The IMF, therefore, warned that some economies, including those with higher growth rates, risked debt-financing problems. Mozambique, which is developing large gas fields, had borrowed heavily on the strength of future cash flows and has effectively defaulted. Several other countries, including Angola, Ghana, Kenya and Zambia, had tapped international capital markets or borrowed heavily from China, resulting in a steep rise in debt burdens. Mr Abebe said he was worried about expansionary fiscal policy in a number of countries, stressing that “With high growth, we shouldn’t see wider deficits. This is a time from a position of strength to do more to grow domestic revenues and arrest debt levels.” He pointed out that the outlook remain shrouded in substantial uncertainties for some countries with possible further appreciation of the U.S. dollar and a tightening of global financing conditions, especially in commodity exporting countries which had mostly ducked urgent reforms, such as cutting costly subsidies or liberalising exchange rates. Delaying reforms, the report underlined, had prolonged the downturn. On top of that, the outlook was further clouded by security issues that had contributed to an increase in food insecurity and even famine in some areas.

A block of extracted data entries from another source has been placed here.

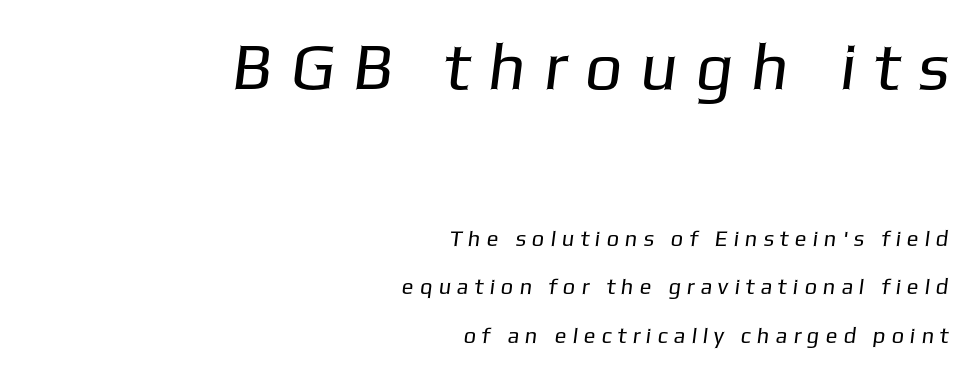
Q: Is the text bold? A: No.
Q: Is the typeface a serif or a sans-serif typeface? A: Sans-serif.
Q: Is the text underlined? A: No.
Q: How is the paragraph aligned? A: Right-aligned.
Q: Is the spacing between letters normal or unusually wide? A: Unusually wide.
Q: Is the spacing between lines tight, normal or loose? A: Loose.
Q: Which block of text is set in a larger size, the first (top) or the second (bottom)? A: The first (top) one.
Q: Width (condensed, normal, or wide)? A: Normal.
Q: Stroke contrast? A: Low.
Q: x-height? A: Medium.
Q: Monospaced? A: No.
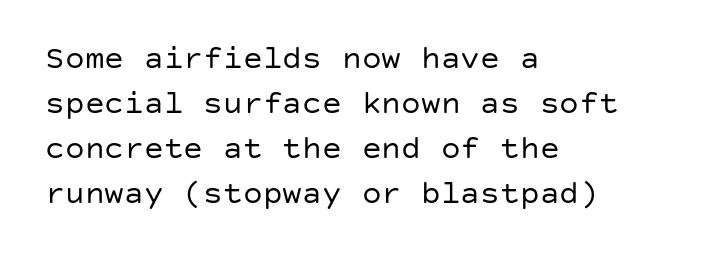
Glance below the letters and you will spot only blank space. Are there feet on the stems? There aren't — it's a sans. The line texture is even and compact thanks to regular tracking. What's the leading like? Ordinary, nothing unusual. Stem width sits at or under what a default text font uses. Posture: vertical.
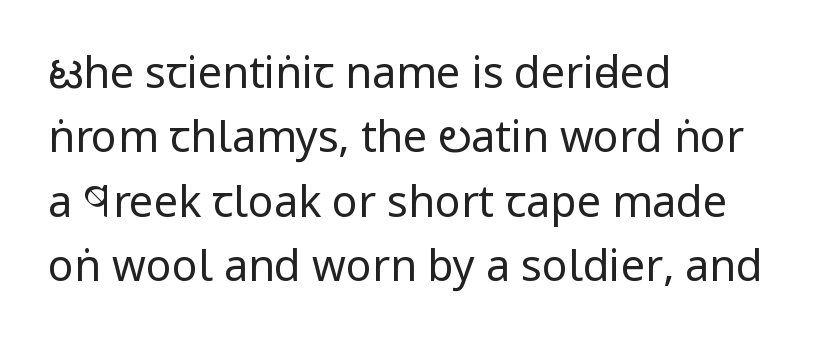
The image shows 43 px regular-weight, condensed sans-serif type, upright; set left-aligned, normal line spacing (1.5x), normal letter spacing, not underlined; low stroke contrast and a large x-height.
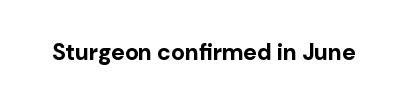
{"italic": "no", "bold": "yes", "underline": "no", "letter_spacing": "normal", "letter_spacing_em": 0.0, "glyph_px": 23}
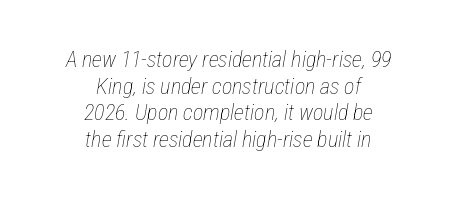
Letters rest on an invisible, unmarked baseline. Characters follow at the spacing the type designer built in. Every row of glyphs is offset so its center matches the block's center. This reads as an unemphasized weight, regular at the heaviest. Every character sits at an angle, as italics do.
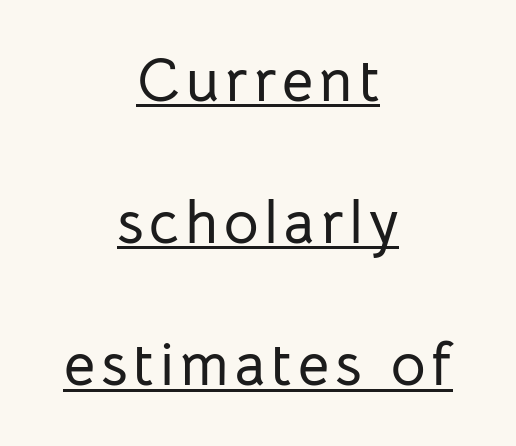
{"serif": "no", "italic": "no", "width": "normal", "stroke_contrast": "low", "x_height": "medium", "monospaced": "no", "underline": "yes", "align": "center", "line_spacing": "loose", "line_spacing_ratio": 2.37, "glyph_px": 60}
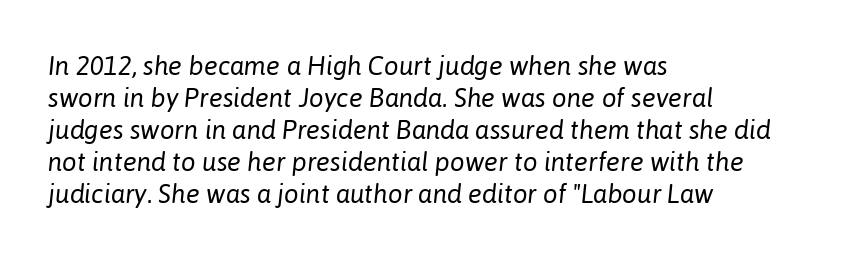
{"italic": "yes", "lean": "right", "slant_degrees": 6, "bold": "no", "underline": "no", "align": "left", "line_spacing_ratio": 1.23, "letter_spacing": "normal", "letter_spacing_em": 0.0, "glyph_px": 26}
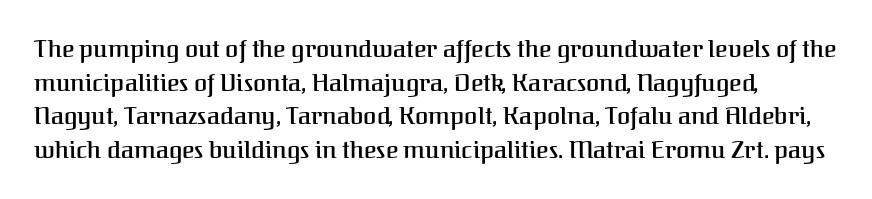
{"italic": "no", "underline": "no", "line_spacing": "normal", "line_spacing_ratio": 1.4, "letter_spacing": "normal", "letter_spacing_em": 0.0, "glyph_px": 24}
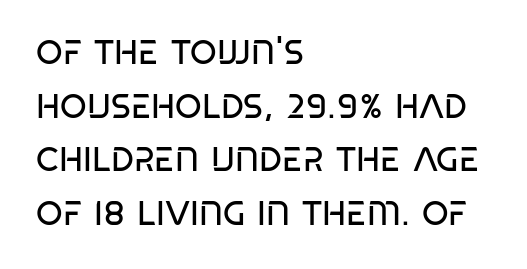
Q: Is the text bold? A: No.
Q: Is the text italic (slanted)? A: No, it is upright.
Q: Is the typeface a serif or a sans-serif typeface? A: Sans-serif.
Q: Is the text underlined? A: No.
Q: How is the paragraph aligned? A: Left-aligned.
Q: Is the spacing between letters normal or unusually wide? A: Normal.
Q: Is the spacing between lines tight, normal or loose? A: Normal.
Q: Width (condensed, normal, or wide)? A: Condensed.
Q: Stroke contrast? A: Low.
Q: x-height? A: Large.
Q: Monospaced? A: No.
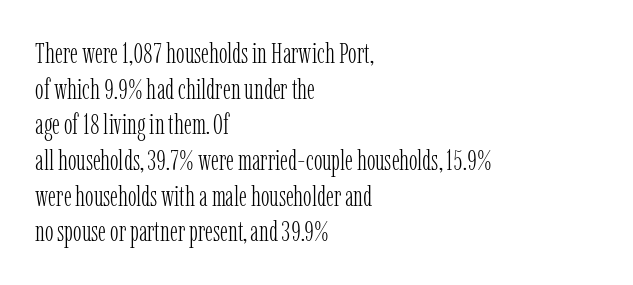
Q: Is the text bold? A: No.
Q: Is the text italic (slanted)? A: No, it is upright.
Q: Is the typeface a serif or a sans-serif typeface? A: Serif.
Q: Is the text underlined? A: No.
Q: How is the paragraph aligned? A: Left-aligned.
Q: Is the spacing between letters normal or unusually wide? A: Normal.
Q: Width (condensed, normal, or wide)? A: Condensed.
Q: Stroke contrast? A: Low.
Q: x-height? A: Medium.
Q: Monospaced? A: No.
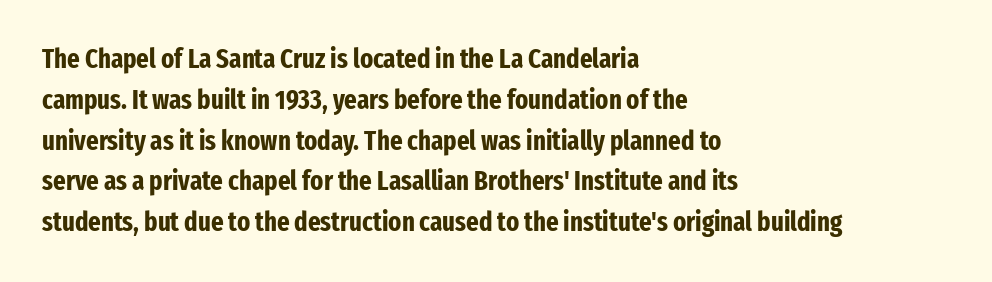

The IMF report concluded that the African growth story had lost much of its momentum but, equally, governments were showing “greater recognition of the need to address the big revenue gaps”. Mr Abebe reiterated that sub-Saharan Africa remains a region with tremendous potential for growth in the medium term, but stressed that “strong and urgent policy action is needed to restart growth where it has faltered and preserve the momentum elsewhere.”
Overall, the report highlighted three priority areas for restarting the growth engine. One was to put renewed focus on macroeconomic stability in order to set the stage for a growth turnaround. For the hardest-hit countries, fiscal consolidation remained urgently needed to halt the decline in international reserves and offset budgetary revenue losses. In addition, greater exchange rate flexibility and the elimination of exchange restrictions would be important to absorb part of the shock. For countries where growth remained strong it was important to address emerging vulnerabilities from a position of strength. Secondly, it emphasized the importance of addressing structural weaknesses to support macroeconomic rebalancing. This was needed to ensure a sustainable fiscal position and help achieve more durable growth by improving tax collection, strengthening financial supervision, and addressing longstanding weaknesses in business activities that impeded economic diversification. The third priority was to strengthen social protection for the most vulnerable. The report noted that an environment of low growth and widening macroeconomic imbalance risked reversing the recent progress made in alleviating poverty. Existing social protections programs, it pointed out, were often fragmented, not well-targeted, and covered no more than a small share of the population. It, therefore, suggested savings from expansive and untargeted schemes such as fuel subsidies could be put towards helping vulnerable groups.